As far back as I could remember, Aunt Rachel had never stayed at home longer than a few hours at a time, meaning she constantly needed a babysitter for L.A. And since Gram never turned her down when it came to taking care of L.A., and did it for free, L.A. was always overnighting either at our house when I was still at home or later here at Gram’s. So even though she and I were technically solo kids, we were used to each other, and now that we had no place left to fall we did what it took to get along, including wrangling out a morning bathroom schedule and getting the chores divided up more or less equally. I wouldn’t call it wall-to-wall harmony, but we did manage to hammer out some kind of mutual deadlock on most points.

Then Gram started getting serious about L.A. going back to school. “We simply have no alternative, dear,” she said in that law-of-nature tone of hers.

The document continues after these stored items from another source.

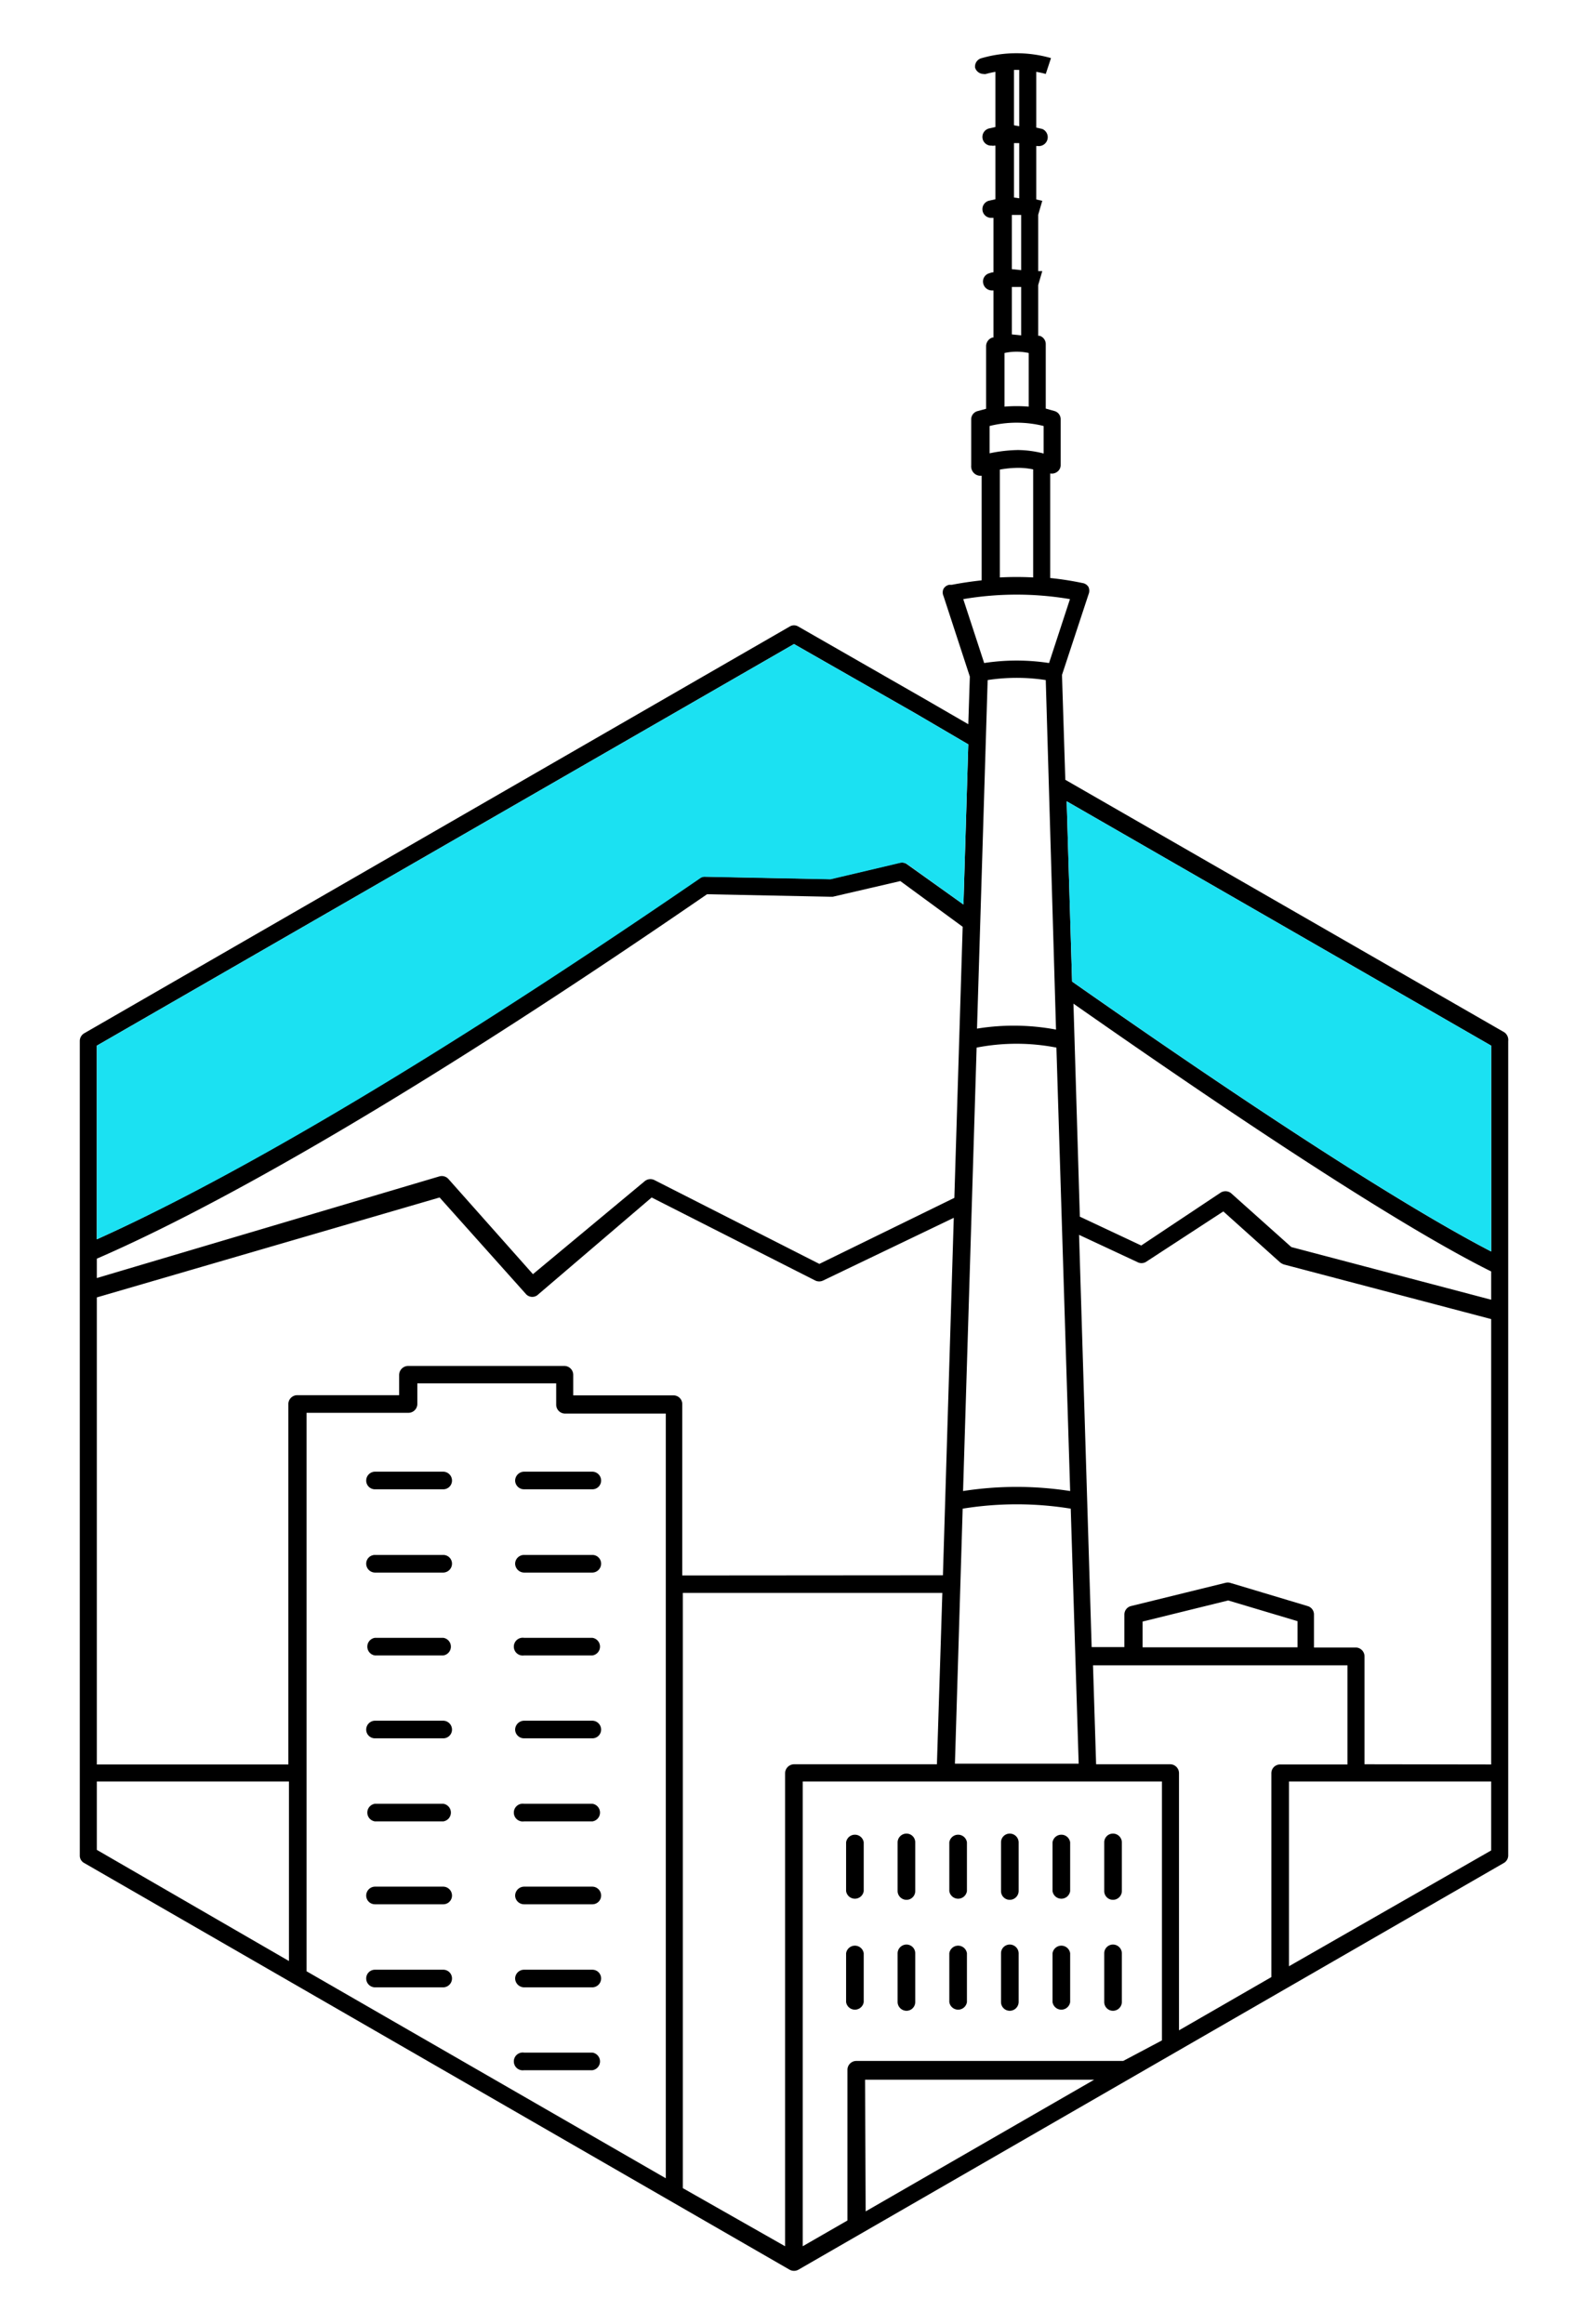 <?xml version="1.0" encoding="UTF-8"?>
<svg xmlns="http://www.w3.org/2000/svg" id="Layer_1" data-name="Layer 1" viewBox="0 0 82 120">
  <defs>
    <style>.cls-1{fill:#1be1f2;}</style>
  </defs>
  <path d="M77.88,53.76V95.82a.45.45,0,0,1-.23.39l-36.42,21a.47.47,0,0,1-.46,0l-36.42-21a.43.43,0,0,1-.23-.39V53.76a.46.46,0,0,1,.23-.4l36.42-21a.43.43,0,0,1,.46,0l6.49,3.72L50,37.4l.08-2.46,0,0-1.36-4.16a.44.44,0,0,1,0-.37.43.43,0,0,1,.3-.21l.13,0c.52-.1,1-.17,1.54-.23v-5.4h-.08a.48.48,0,0,1-.46-.46.17.17,0,0,1,0-.07V21.66a.44.44,0,0,1,.33-.43l.26-.07.18-.05V17.88a.47.47,0,0,1,.33-.45h.05V15h-.09a.46.46,0,0,1-.43-.33.44.44,0,0,1,.31-.56.8.8,0,0,1,.21-.05V11.25h-.09a.45.45,0,0,1-.12-.89l.31-.07V7.52h-.06a.27.27,0,0,1-.13,0,.45.45,0,0,1-.12-.89l.31-.07V3.71a4.85,4.85,0,0,0-.49.11.25.25,0,0,1-.12,0,.46.46,0,0,1-.44-.33A.45.45,0,0,1,50.7,3a6.47,6.47,0,0,1,3.57,0L54,3.82a4.31,4.31,0,0,0-.49-.11V6.59l.31.07a.46.46,0,0,1-.24.88l-.07,0V10.3l.31.07-.21.72V14l.21,0-.21.72v2.62l.07,0a.45.45,0,0,1,.32.44V21.1l.46.13a.44.44,0,0,1,.31.43V24a.43.43,0,0,1-.2.38.45.45,0,0,1-.34.07v5.4a15.67,15.67,0,0,1,1.67.26.43.43,0,0,1,.31.21.48.48,0,0,1,0,.37l-1.37,4.16,0,.06.17,5.36,22.6,13A.48.48,0,0,1,77.88,53.76ZM77,95.56V92H66.56v9.54Zm0-4.44v-23L66.3,65.3a.69.69,0,0,1-.19-.1l-2.94-2.64-4,2.61a.45.45,0,0,1-.45,0l-3-1.4.65,21.29h1.69V83.38a.45.45,0,0,1,.34-.44l4.88-1.2a.48.48,0,0,1,.24,0l4,1.2a.45.45,0,0,1,.33.43v1.71H70a.46.46,0,0,1,.46.45v5.58Zm0-24V65.66c-3.2-1.59-9.43-5.33-21.57-13.83l.33,11,3.17,1.49L63,61.61a.47.47,0,0,1,.56,0l3.12,2.79Zm0-2.52V54L55.08,41.38l.28,9.31C67.63,59.29,73.86,63,77,64.63ZM69.58,91.12V86H56.44l.16,5.11h3.83a.46.46,0,0,1,.45.46v13.28l4.77-2.75V91.57a.45.45,0,0,1,.45-.45ZM67,85.07V83.72l-3.58-1.07L59,83.74v1.33Zm-7,20.3V92H41.45v24l2.31-1.33v-7.79a.46.46,0,0,1,.46-.45H58Zm-15.3,8.83,11.8-6.8H44.67Zm11-23.12-.41-13.17a17.41,17.41,0,0,0-5.58,0l-.4,13.17ZM55.26,77,54.55,54.1a10.77,10.77,0,0,0-4.12,0L49.73,77A18,18,0,0,1,55.26,77ZM54.17,34.24l1.08-3.3a16.44,16.44,0,0,0-5.51,0l1.08,3.3A11.07,11.07,0,0,1,54.17,34.24Zm.36,18.93L54,35.12a9.86,9.86,0,0,0-3,0l-.55,18A11.84,11.84,0,0,1,54.53,53.17Zm-.64-29.75V22a5.73,5.73,0,0,0-2.79,0v1.41a7.63,7.63,0,0,1,1.46-.17A5.45,5.45,0,0,1,53.89,23.42Zm-.54,6.4V24.24a3.84,3.84,0,0,0-.79-.08,5.64,5.64,0,0,0-.93.09v5.57A16.45,16.45,0,0,1,53.35,29.82ZM53.12,21V18.23a2.93,2.93,0,0,0-1.25,0V21A7.45,7.45,0,0,1,53.12,21Zm-.39-3.68V14.82h-.48v2.45Zm0-3.37V11.1h-.48v2.8Zm-.1-3.71V7.39h-.27v2.81Zm0-3.72V3.61h-.27V6.47ZM49.75,46.71,50,38.44l-2.73-1.6L41,33.26,5,54V64c5.12-2.31,14.78-7.44,31.12-18.65a.41.41,0,0,1,.27-.08l6.47.13,3.6-.85a.46.46,0,0,1,.36.07Zm-.47,15.15.43-14L46.49,45.5,43,46.31h-.11l-6.38-.13C19.77,57.7,10.08,62.8,5,65v1l17.69-5.25a.46.46,0,0,1,.47.14l4.36,4.91L33.29,61a.46.46,0,0,1,.5-.06l8.52,4.33Zm-.59,19.49.56-18.46L42.5,66.13a.47.47,0,0,1-.4,0l-8.45-4.29-5.85,5a.44.44,0,0,1-.63,0l-4.47-5L5,67V91.12h9.89V72.5a.46.46,0,0,1,.46-.45h5.26V71a.47.47,0,0,1,.46-.46h8.07a.46.46,0,0,1,.46.46v1.06h5.18a.45.45,0,0,1,.45.45v8.85Zm-.31,9.76.28-8.85H35.26V113l5.28,3V91.57a.47.47,0,0,1,.46-.46Zm-14,21.38V73H29.17a.46.46,0,0,1-.45-.46V71.44H21.55V72.5a.46.46,0,0,1-.45.46H15.83V101.8ZM14.92,101.27V92H5v3.53Z"></path>
  <path class="cls-1" d="M77,54V64.63C73.86,63,67.63,59.29,55.36,50.69l-.28-9.31Z"></path>
  <path d="M57.93,100.87v2.52a.46.46,0,0,1-.46.45.45.45,0,0,1-.45-.45v-2.52a.45.45,0,0,1,.45-.45A.46.46,0,0,1,57.93,100.87Z"></path>
  <path d="M57.93,95.14v2.52a.46.46,0,0,1-.46.45.45.45,0,0,1-.45-.45V95.14a.45.45,0,0,1,.45-.45A.46.46,0,0,1,57.93,95.14Z"></path>
  <path d="M55.26,100.87v2.52a.46.46,0,0,1-.91,0v-2.52a.46.46,0,0,1,.91,0Z"></path>
  <path d="M55.26,95.14v2.52a.46.46,0,0,1-.91,0V95.14a.46.46,0,0,1,.91,0Z"></path>
  <path d="M52.6,100.87v2.52a.46.46,0,0,1-.46.45.45.45,0,0,1-.45-.45v-2.52a.45.45,0,0,1,.45-.45A.46.46,0,0,1,52.6,100.87Z"></path>
  <path d="M52.6,95.14v2.52a.46.46,0,0,1-.46.45.45.45,0,0,1-.45-.45V95.14a.45.45,0,0,1,.45-.45A.46.46,0,0,1,52.6,95.14Z"></path>
  <path class="cls-1" d="M50,38.44l-.25,8.27-2.9-2.08a.46.46,0,0,0-.36-.07l-3.6.85-6.47-.13a.41.41,0,0,0-.27.08C19.81,56.57,10.15,61.7,5,64V54L41,33.26l6.27,3.58Z"></path>
  <path d="M49.93,100.87v2.52a.46.46,0,0,1-.91,0v-2.52a.46.46,0,0,1,.91,0Z"></path>
  <path d="M49.93,95.14v2.52a.46.46,0,0,1-.91,0V95.14a.46.46,0,0,1,.91,0Z"></path>
  <path d="M47.26,100.87v2.52a.45.45,0,0,1-.45.45.46.46,0,0,1-.46-.45v-2.52a.46.46,0,0,1,.46-.45A.45.45,0,0,1,47.26,100.87Z"></path>
  <path d="M47.26,95.14v2.52a.45.45,0,0,1-.45.45.46.46,0,0,1-.46-.45V95.14a.46.46,0,0,1,.46-.45A.45.45,0,0,1,47.26,95.14Z"></path>
  <path d="M44.6,100.87v2.52a.46.46,0,0,1-.91,0v-2.52a.46.46,0,0,1,.91,0Z"></path>
  <path d="M44.6,95.14v2.52a.46.46,0,0,1-.91,0V95.14a.46.46,0,0,1,.91,0Z"></path>
  <path d="M30.59,76a.46.46,0,0,1,.45.46.45.45,0,0,1-.45.45H27.06a.46.46,0,0,1-.46-.45.47.47,0,0,1,.46-.46Z"></path>
  <path d="M30.59,80.3a.45.45,0,0,1,.45.45.46.46,0,0,1-.45.46H27.06a.47.47,0,0,1-.46-.46.46.46,0,0,1,.46-.45Z"></path>
  <path d="M30.59,84.58a.46.46,0,0,1,0,.91H27.06a.46.46,0,1,1,0-.91Z"></path>
  <path d="M30.59,88.86a.46.46,0,0,1,.45.46.45.45,0,0,1-.45.45H27.06a.46.46,0,0,1-.46-.45.47.47,0,0,1,.46-.46Z"></path>
  <path d="M30.59,93.15a.46.46,0,0,1,0,.91H27.06a.46.46,0,1,1,0-.91Z"></path>
  <path d="M30.59,97.43a.46.46,0,0,1,.45.46.45.45,0,0,1-.45.45H27.06a.46.46,0,0,1-.46-.45.47.47,0,0,1,.46-.46Z"></path>
  <path d="M30.59,101.72a.45.45,0,0,1,.45.45.46.46,0,0,1-.45.46H27.06a.47.47,0,0,1-.46-.46.46.46,0,0,1,.46-.45Z"></path>
  <path d="M30.59,106a.46.46,0,0,1,0,.91H27.06a.46.46,0,1,1,0-.91Z"></path>
  <path d="M22.89,76a.46.46,0,0,1,.45.46.45.45,0,0,1-.45.45H19.36a.45.45,0,0,1-.45-.45.46.46,0,0,1,.45-.46Z"></path>
  <path d="M22.89,80.3a.45.45,0,0,1,.45.45.46.46,0,0,1-.45.46H19.36a.46.46,0,0,1-.45-.46.45.45,0,0,1,.45-.45Z"></path>
  <path d="M22.89,84.58a.46.46,0,0,1,0,.91H19.36a.46.46,0,0,1,0-.91Z"></path>
  <path d="M22.89,88.86a.46.46,0,0,1,.45.46.45.45,0,0,1-.45.45H19.36a.45.45,0,0,1-.45-.45.46.46,0,0,1,.45-.46Z"></path>
  <path d="M22.89,93.15a.46.46,0,0,1,0,.91H19.36a.46.46,0,0,1,0-.91Z"></path>
  <path d="M22.89,97.43a.46.46,0,0,1,.45.46.45.45,0,0,1-.45.45H19.36a.45.45,0,0,1-.45-.45.46.46,0,0,1,.45-.46Z"></path>
  <path d="M22.89,101.72a.45.45,0,0,1,.45.45.46.46,0,0,1-.45.46H19.36a.46.46,0,0,1-.45-.46.45.45,0,0,1,.45-.45Z"></path>
</svg>

But L.A. shook her head and went silent again. It was their first major standoff, and it got me thinking about whether truant officers actually existed in reality or were just another parental figment like the tooth fairy. I’d never personally seen one or heard a reliable eyewitness report and wondered what the uniform would look like and whether they’d carry special undersized handcuffs and nightsticks and arrive in small paddy wagons painted in cheerful colors.

But I wasn’t truly worried, because of my experience with Gram’s rock-solid belief in education and the unbreakable will behind it. There was also the simple reality of L.A. being a girl, with the kind of backhanded, diabolical intelligence that implies, plus her well-established history of dazzling teachers and showing me up in class. In other words, school was her natural turf, and I knew she couldn’t stay away from it forever.

Sure enough, less than a week later she gave in, coming out of her room at seven-thirty that morning dressed and ready as I was about to leave. We hoofed it over to Lipscomb just like nothing abnormal had ever happened, and that was the end of her educational strike. This returned us to a certain level of regularity at Gram’s, and by the time school was finally out for the year L.A. and I were back in the old groove, kicking around town like we always used to, like we owned the streets and summer was just for us.

I guess it’s proof of how unreliable the so-called Sight was that it didn’t tell me what was coming. I’ve wondered a thousand times how things might have turned out if it had only given me a heads-up about what was going to happen, and what I was going to do, before this summer was over.